The Committee reviews this Charter annually and recommend any proposed changes to the Board for its approval. The Committee also periodically reviews and makes recommendations to the Board regarding new director orientation and education as well as recommendations regarding continuing education of directors.
The Committee shall be comprised of three directors, the majority of whom is, in the judgment of the Board, “independent” under listing standards of the National Association of Securities Dealers, Inc. Members of the Committee shall be appointed by the full Board. The Committee members will be listed in the proxy statement delivered to shareholders in connection with the annual meeting of shareholders.
Resources and Authority of the Committee
The Committee shall have the resources and authority appropriate to discharge its duties and responsibilities, including full access to CurAegis Technologies employees and officers and internal or external advisers and consultants. If a search firm is engaged by or on behalf of CurAegis Technologies to identify director candidates, or if a consulting firm is engaged by or on its behalf to assist the Committee with respect to corporate governance principles, the Committee shall have sole authority to retain and terminate any such firm, including sole authority to approve the firm’s fees and other retention terms.
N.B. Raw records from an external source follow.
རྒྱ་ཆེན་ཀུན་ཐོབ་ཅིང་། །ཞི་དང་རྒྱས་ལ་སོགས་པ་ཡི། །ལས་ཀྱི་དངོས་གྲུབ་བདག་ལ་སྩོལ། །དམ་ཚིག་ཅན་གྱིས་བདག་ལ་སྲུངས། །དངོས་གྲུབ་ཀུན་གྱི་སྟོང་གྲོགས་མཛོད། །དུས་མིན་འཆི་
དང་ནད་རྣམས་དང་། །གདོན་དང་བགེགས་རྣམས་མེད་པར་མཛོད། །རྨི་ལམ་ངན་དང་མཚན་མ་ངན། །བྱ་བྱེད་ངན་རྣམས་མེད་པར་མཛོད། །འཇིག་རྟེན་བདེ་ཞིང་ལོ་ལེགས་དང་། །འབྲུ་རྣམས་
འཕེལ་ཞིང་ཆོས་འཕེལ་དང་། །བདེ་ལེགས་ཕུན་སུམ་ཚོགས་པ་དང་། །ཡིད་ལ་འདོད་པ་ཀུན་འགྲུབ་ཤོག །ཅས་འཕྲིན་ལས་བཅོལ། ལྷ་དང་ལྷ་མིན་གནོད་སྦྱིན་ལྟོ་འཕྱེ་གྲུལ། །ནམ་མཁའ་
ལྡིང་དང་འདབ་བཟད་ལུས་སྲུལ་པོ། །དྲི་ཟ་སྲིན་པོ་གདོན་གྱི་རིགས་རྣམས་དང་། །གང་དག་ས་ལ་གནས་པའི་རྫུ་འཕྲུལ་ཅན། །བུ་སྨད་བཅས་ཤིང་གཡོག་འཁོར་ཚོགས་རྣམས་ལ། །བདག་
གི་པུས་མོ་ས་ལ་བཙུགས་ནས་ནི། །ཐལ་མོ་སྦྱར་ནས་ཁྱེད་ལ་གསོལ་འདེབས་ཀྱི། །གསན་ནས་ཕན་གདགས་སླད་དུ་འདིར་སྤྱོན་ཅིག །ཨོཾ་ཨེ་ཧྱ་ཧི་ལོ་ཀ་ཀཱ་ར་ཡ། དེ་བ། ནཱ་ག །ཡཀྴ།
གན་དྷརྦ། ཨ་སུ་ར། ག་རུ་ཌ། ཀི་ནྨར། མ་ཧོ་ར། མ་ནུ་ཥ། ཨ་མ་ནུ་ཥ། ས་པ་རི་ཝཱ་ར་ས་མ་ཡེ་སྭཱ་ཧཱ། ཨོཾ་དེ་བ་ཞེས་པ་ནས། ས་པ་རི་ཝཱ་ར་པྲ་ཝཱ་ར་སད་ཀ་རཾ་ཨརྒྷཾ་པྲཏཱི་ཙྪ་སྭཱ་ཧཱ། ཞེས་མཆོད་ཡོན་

Committee Structure and Operation
The Board shall designate one member of the Committee as its chair. The Committee may meet in person or telephonically to act by unanimous written consent. The Committee chair, in consultation with Committee members, shall determine the scheduled meetings of the Committee. Further meeting shall occur, or matters be submitted for action by unanimous written consent, when deemed necessary or desirable by the Committee, its chair, or the chairman of the Board of CurAegis Technologies. The scheduling of meetings shall be the responsibility of the Committee chair. The Committee chair, who may consult with management or other Committee members, shall develop the Committee’s agenda for its meetings. Where practicable, materials should be distributed to Committee members prior to each Committee meeting.
The Committee chair may invite such members of management to the Committee’s meetings as deemed desirable or appropriate.
The Committee shall insure that The Company’s chief executive officer together with other senior management maintain effective communications with our shareholders, and that shareholder communication mechanisms have been established so that shareholders are able to communicate with the independent directors as a whole or directly with the chairman of the Nominating Committee.